But it's interesting because in the large majority of fields the best outcomes
really are in some ways collaborative efforts. The lone genius is actually
extremely rare.

I'm inclined to say the key to effective collaboration is that it has to be
driven entirely by the collaborators, and it is only actively happening for a
very small percentage of the time spent on a project.

A cargo culting middle manager might think she's helping by setting up hours
of meetings with different people to get their "perspective". Those people
probably can add value. But the best way to do it is to let the project lead
go to them with questions or asking for feedback when they think it makes
sense.

Management can help by fostering a culture where people are willing and eager
to talk to their colleagues when they need help, or to get new ideas. To some
extent communication tools can help, but there are other much bigger factors:
Don't make people feel like they'll be penalized in performance reviews for
not knowing things or needing help. Cultivate a sense of shared ownership of
projects and outcomes. Give people maxuimum autonomy over their schedules.

------
abalone
I really want to figure out which plan is better. I honestly feel that people
with bad experiences with open plan get on here and gripe, and it makes open
plan sound horrible. But there are bad experiences with offices too. Like
rarely interacting with colleagues outside of scheduled meetings. And there's
a natural bias towards one's own productivity vs helping the team.

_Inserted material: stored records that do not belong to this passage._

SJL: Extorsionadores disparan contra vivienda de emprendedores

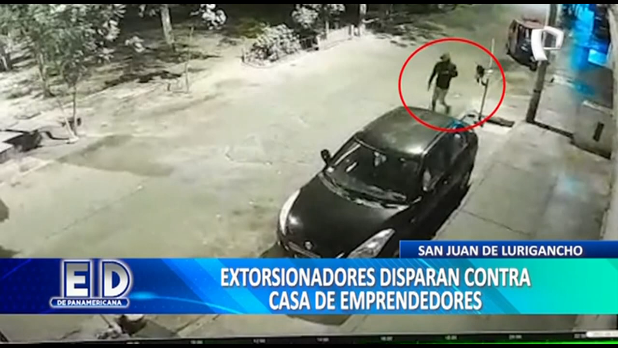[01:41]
Dispuesto a todo, saca su pistola y empieza a lanzar disparos contra el local, para luego irse corriendo y desaparecer del lugar. Cuadra 11 de Girón a Lucemas, en San Juan de Lurigancho. Fue en este punto donde un sujeto llega y lanza 10 disparos contra esta casa, que de día funciona como local y cochera.
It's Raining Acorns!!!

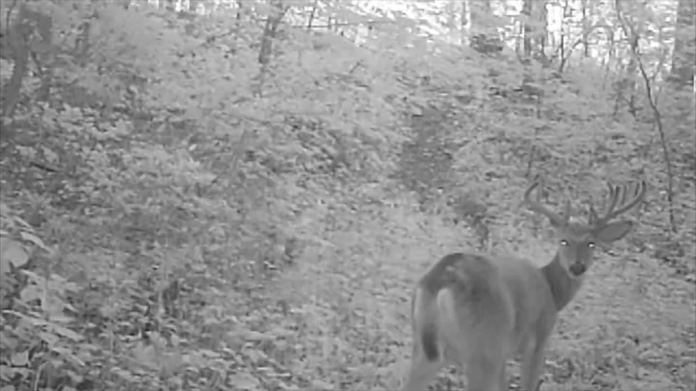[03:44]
It was like a 16 pointer. It wasn't that old of a deer, but it had a good size rack. It's probably only a 2.5 or maybe a 3.5 year old deer. So I'm gonna check this card first.
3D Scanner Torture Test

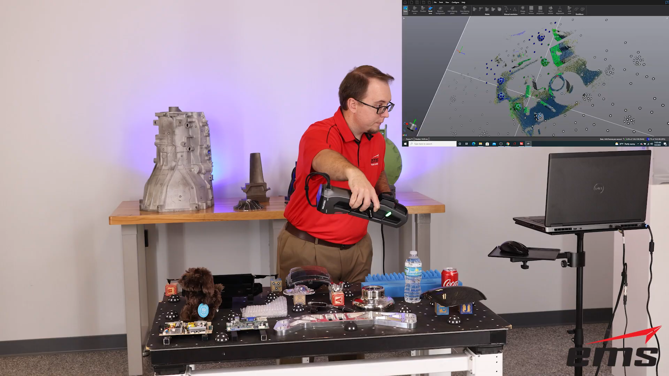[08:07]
Next up is the GoScan Spark. Unlike all the other 3D scanners in this test that use a laser light source,
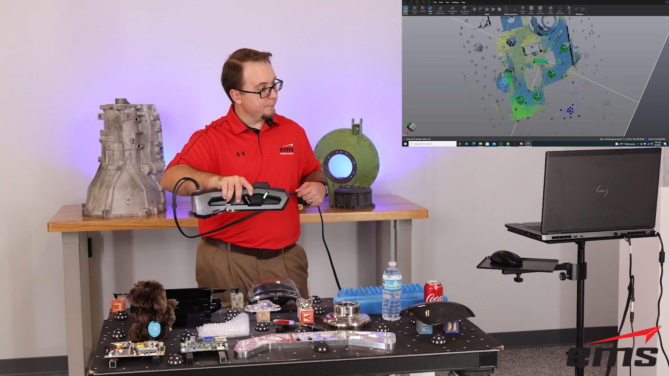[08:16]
the GoScan uses a structured light pattern emitted from an LED light source.
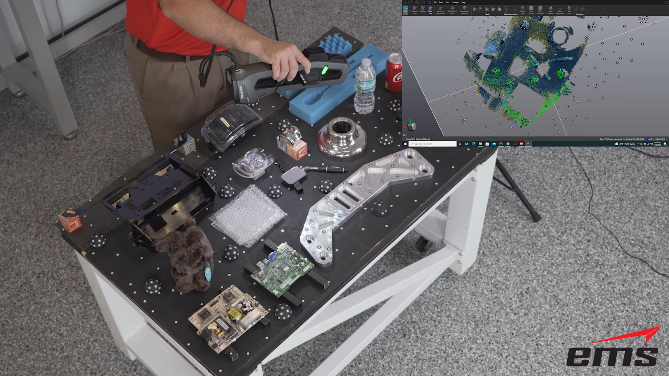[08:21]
This technology traditionally has always struggled with challenging surface types.
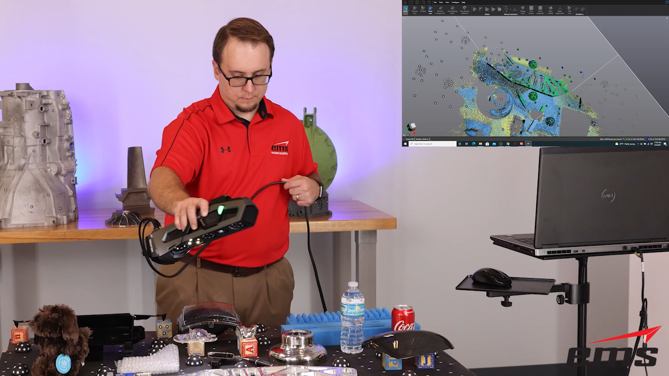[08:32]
know that applying some sort of scanning spray is fairly common to get good scanning results.
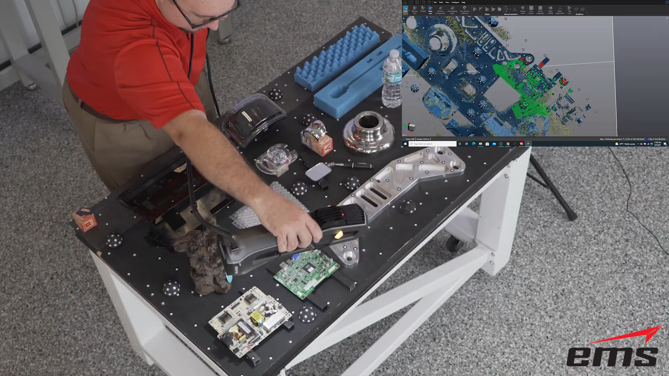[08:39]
The advantage of the GoScan Spark is its large scanning volume,
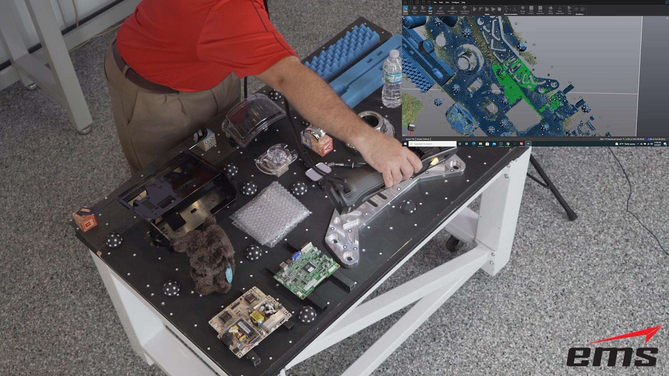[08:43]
speed, and ability to scan in full 3D color.
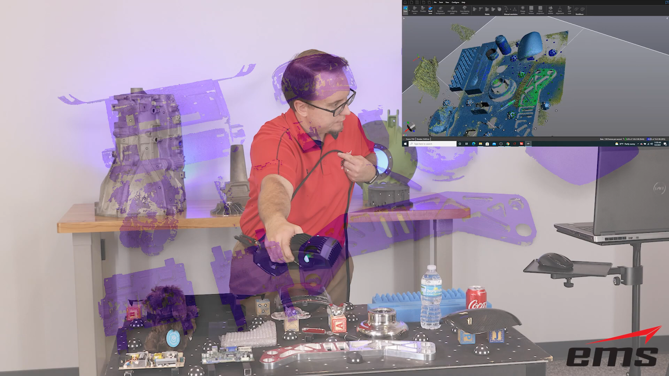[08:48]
So how did this GoScan Spark do? Well, as you can see, it struggled on many of the surfaces.
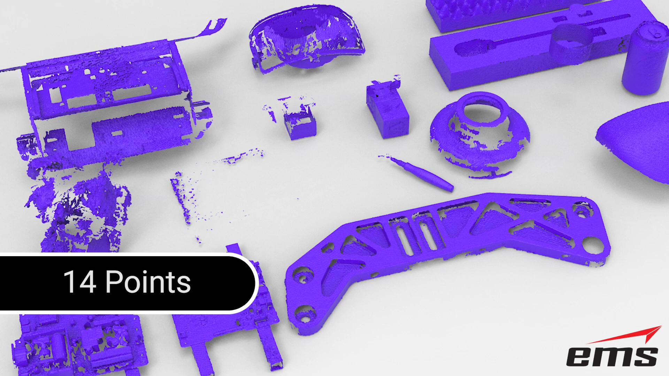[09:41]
The GoScan gets 14 points for completely scanning 5 parts and partially scanning 4 more.
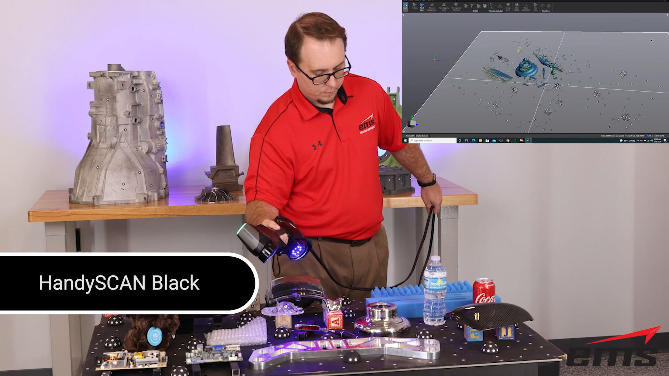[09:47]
Next in our test is the HandyScan Black. With its 22 blue laser lines and ISO certifications,
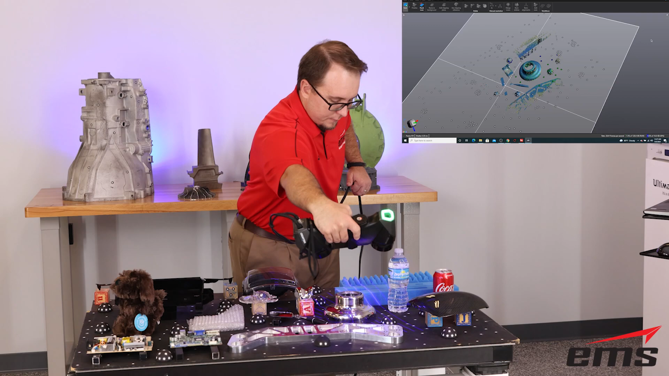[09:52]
the HandyScan Black did a very good job on the dark parts, machine parts, and even the chrome parts. Improvements in laser technology, optics, and software show well in the results on many of the parts.
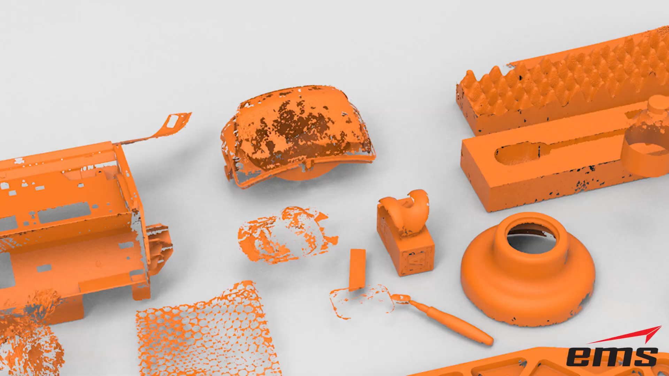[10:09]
The translucent parts, mirror, water bottle, bubble wrap, and toy dog were still a challenge and the data is not really usable.
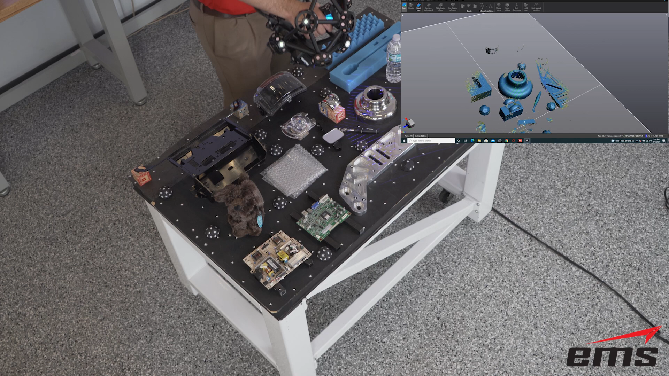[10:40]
What's different about the Metroscan is the lasers have even more power. Because of the way the Metroscan works, the onboard sensors don't have to search for targets like all the other scanners in this test.
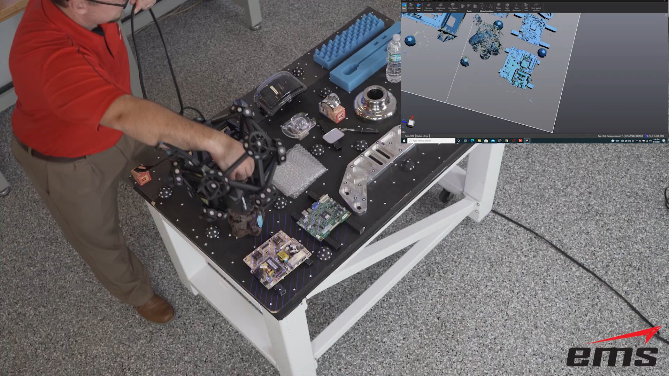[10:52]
This allows the Metroscan to get the most data of any scanner in this test.
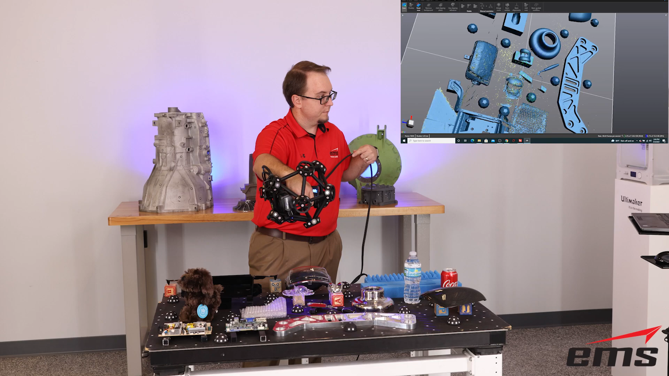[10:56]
The translucent parts are still a challenge though, for sure.

Maybe it's just because open plan is more the norm nowadays, now we hear all
the downsides of that. But it's worth considering it was adopted in response
to the downsides of offices and cubes (shudder), not some shortsighted
irrational plot to cut costs at the expense of productivity.

One thing I know: If anyone says rarely interacting "sounds great", they
shouldn't be trusted. Yes you will absolutely maximize your coding focus. Yes
that is an invalid argument. Team collaboration is important too. I suspect
that to make either plan work you've got to pair it with a solid culture that
shores up its weaknesses: minimize distractions in open plan, fight isolation
in offices.

My straw man ideal is an open plan that is relatively quiet, but let's you
look at each other and leverage body language and enhanced awareness to gague
when it's a good moment to interrupt. That's the only way that a whole class
of "quick questions" and "crazy ideas" get fielded that would otherwise not
cross the interrupt bar of a door-knock or even an IM-ping. And that stuff can
be super valuable esp. to a startup team. And it actually can get those
handled quicker!

But I suspect it has to be paired with a culture of minimizing extended
subcritical conversations at your desk and taking them over to separate
meeting areas that are less disruptive.

------
zymhan
At my new job, I've really started pushing back against meetings that seem
superfluous. Often times I'll find myself saying the same exact thing at 3
different meetings, and it almost never affects anyone else in the room.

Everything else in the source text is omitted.